▶ _To do_: Within the listing below, how many lines contain the word "pitch"? Answer with the number only.

▶ _Data supplied_:
*** Begin section ***

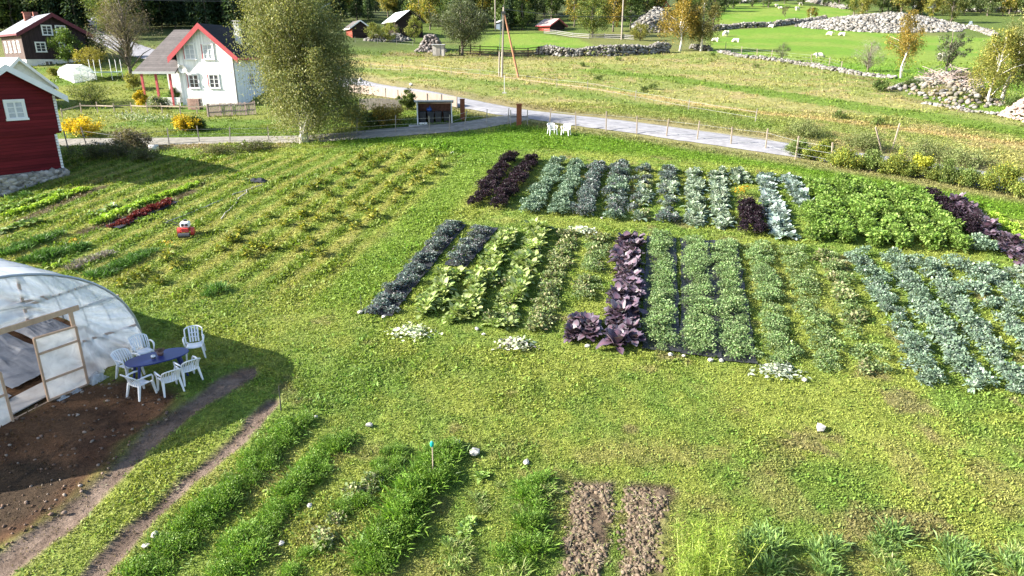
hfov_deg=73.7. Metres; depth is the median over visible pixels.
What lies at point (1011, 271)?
leafy green row
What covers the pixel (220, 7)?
spruce tree
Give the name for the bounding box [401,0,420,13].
broadleaf tree
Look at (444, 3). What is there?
broadleaf tree
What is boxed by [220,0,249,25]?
spruce tree
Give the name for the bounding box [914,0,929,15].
autumn tree
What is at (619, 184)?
kale row
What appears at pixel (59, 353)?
door
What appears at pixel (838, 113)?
weed tuft
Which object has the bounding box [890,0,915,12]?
autumn tree
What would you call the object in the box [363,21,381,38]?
young tree
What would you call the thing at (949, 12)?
broadleaf tree
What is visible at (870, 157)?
wild bush
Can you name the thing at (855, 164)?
wild bush
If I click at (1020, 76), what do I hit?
birch tree
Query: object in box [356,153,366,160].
plant
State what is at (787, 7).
sapling
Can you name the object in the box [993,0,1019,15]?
autumn tree
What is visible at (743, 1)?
stone wall
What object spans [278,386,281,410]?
metal stake
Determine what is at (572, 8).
broadleaf tree
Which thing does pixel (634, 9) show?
broadleaf tree
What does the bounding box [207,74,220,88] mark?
window
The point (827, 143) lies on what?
wild bush
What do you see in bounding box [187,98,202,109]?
pallet stack
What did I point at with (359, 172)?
plant
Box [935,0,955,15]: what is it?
autumn tree
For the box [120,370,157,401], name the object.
plastic chair
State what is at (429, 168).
plant
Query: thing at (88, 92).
garden bush
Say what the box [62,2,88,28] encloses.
spruce tree
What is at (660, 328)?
turnip row
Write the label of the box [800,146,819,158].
wild bush
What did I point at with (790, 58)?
wire fence
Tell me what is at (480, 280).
leafy green row
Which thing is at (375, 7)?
spruce tree
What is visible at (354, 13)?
spruce tree
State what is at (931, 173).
wild bush
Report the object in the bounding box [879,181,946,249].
kale row
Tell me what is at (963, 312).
broccoli row
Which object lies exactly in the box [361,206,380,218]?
plant
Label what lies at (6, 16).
spruce tree
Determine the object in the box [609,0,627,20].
autumn tree
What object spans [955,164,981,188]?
wild bush
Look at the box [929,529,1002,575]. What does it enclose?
leek row
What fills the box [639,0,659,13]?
broadleaf tree
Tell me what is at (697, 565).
fennel
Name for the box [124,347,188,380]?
oval table
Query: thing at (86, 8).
broadleaf tree
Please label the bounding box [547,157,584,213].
kale row
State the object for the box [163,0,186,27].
spruce tree
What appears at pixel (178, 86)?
front door
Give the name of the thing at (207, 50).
window
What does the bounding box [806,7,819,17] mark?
birch tree
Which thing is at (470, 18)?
willow tree
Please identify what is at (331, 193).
plant
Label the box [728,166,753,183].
broccoli row
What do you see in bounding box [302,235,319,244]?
plant
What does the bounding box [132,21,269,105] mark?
white house
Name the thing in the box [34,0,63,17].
spruce tree
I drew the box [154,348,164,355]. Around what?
flower bowl
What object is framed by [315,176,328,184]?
plant
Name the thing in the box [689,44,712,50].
stone wall
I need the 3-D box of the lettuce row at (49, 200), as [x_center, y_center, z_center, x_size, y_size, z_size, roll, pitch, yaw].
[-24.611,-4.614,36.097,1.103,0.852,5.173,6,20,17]
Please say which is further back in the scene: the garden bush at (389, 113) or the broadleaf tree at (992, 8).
the broadleaf tree at (992, 8)
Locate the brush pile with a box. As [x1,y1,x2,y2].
[917,64,988,89]
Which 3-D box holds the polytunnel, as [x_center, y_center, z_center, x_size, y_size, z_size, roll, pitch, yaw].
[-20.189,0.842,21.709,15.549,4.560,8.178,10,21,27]
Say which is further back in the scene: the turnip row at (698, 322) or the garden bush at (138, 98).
the garden bush at (138, 98)
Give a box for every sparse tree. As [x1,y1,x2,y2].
[82,0,162,74]
[934,31,973,70]
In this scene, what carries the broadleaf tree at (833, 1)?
on the ground at (798, 40)
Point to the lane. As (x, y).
(441, 128)
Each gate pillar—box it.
[460,99,464,120]
[510,104,527,126]
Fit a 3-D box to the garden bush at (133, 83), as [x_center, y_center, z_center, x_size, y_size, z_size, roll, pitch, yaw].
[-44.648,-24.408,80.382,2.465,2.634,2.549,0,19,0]
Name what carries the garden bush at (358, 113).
on the ground at (798, 40)
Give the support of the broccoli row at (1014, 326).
on the ground at (798, 40)
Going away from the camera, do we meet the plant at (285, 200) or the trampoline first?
the plant at (285, 200)
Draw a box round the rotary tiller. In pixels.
[163,219,195,237]
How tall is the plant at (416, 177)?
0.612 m
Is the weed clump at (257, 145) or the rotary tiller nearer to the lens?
the rotary tiller
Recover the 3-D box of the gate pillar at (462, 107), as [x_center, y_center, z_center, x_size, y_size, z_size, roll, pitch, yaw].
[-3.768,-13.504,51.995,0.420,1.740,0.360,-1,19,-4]
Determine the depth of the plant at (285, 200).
35.16 m
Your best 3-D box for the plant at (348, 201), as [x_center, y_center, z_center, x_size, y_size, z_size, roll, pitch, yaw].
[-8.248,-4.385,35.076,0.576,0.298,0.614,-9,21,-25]
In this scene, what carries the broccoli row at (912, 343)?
on the ground at (798, 40)
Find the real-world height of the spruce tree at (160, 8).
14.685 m
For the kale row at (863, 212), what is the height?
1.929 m
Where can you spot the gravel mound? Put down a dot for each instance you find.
(1016, 106)
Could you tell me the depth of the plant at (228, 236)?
30.56 m
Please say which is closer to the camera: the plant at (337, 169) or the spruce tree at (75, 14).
the plant at (337, 169)
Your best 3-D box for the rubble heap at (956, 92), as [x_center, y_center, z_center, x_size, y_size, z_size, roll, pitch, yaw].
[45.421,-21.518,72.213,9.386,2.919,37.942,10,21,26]
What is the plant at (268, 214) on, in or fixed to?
on the ground at (798, 40)
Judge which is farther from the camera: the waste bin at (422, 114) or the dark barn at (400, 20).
the dark barn at (400, 20)
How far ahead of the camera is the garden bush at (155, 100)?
69.65 m
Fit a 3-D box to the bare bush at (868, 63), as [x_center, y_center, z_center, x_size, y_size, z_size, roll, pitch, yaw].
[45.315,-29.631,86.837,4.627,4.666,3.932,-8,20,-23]
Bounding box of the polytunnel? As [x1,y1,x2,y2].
[0,258,144,426]
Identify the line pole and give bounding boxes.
[495,0,495,29]
[621,0,623,39]
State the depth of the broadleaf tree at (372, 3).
174.99 m
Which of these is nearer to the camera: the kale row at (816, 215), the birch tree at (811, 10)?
the kale row at (816, 215)
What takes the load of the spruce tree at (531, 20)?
on the ground at (798, 40)
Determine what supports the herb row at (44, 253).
on the ground at (798, 40)
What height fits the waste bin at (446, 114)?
0.950 m
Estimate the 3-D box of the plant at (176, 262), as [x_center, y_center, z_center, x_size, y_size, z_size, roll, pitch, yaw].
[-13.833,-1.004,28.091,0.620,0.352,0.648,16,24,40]
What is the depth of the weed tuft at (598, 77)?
77.76 m
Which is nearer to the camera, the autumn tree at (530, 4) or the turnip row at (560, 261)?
the turnip row at (560, 261)
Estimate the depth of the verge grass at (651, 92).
70.33 m
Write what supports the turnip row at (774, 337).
on the ground at (798, 40)
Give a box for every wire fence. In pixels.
[58,109,508,147]
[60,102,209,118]
[370,63,757,121]
[549,108,833,165]
[725,45,842,66]
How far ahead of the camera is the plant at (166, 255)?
28.54 m
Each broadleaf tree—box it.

*** End section ***

▶ _Solution_: 8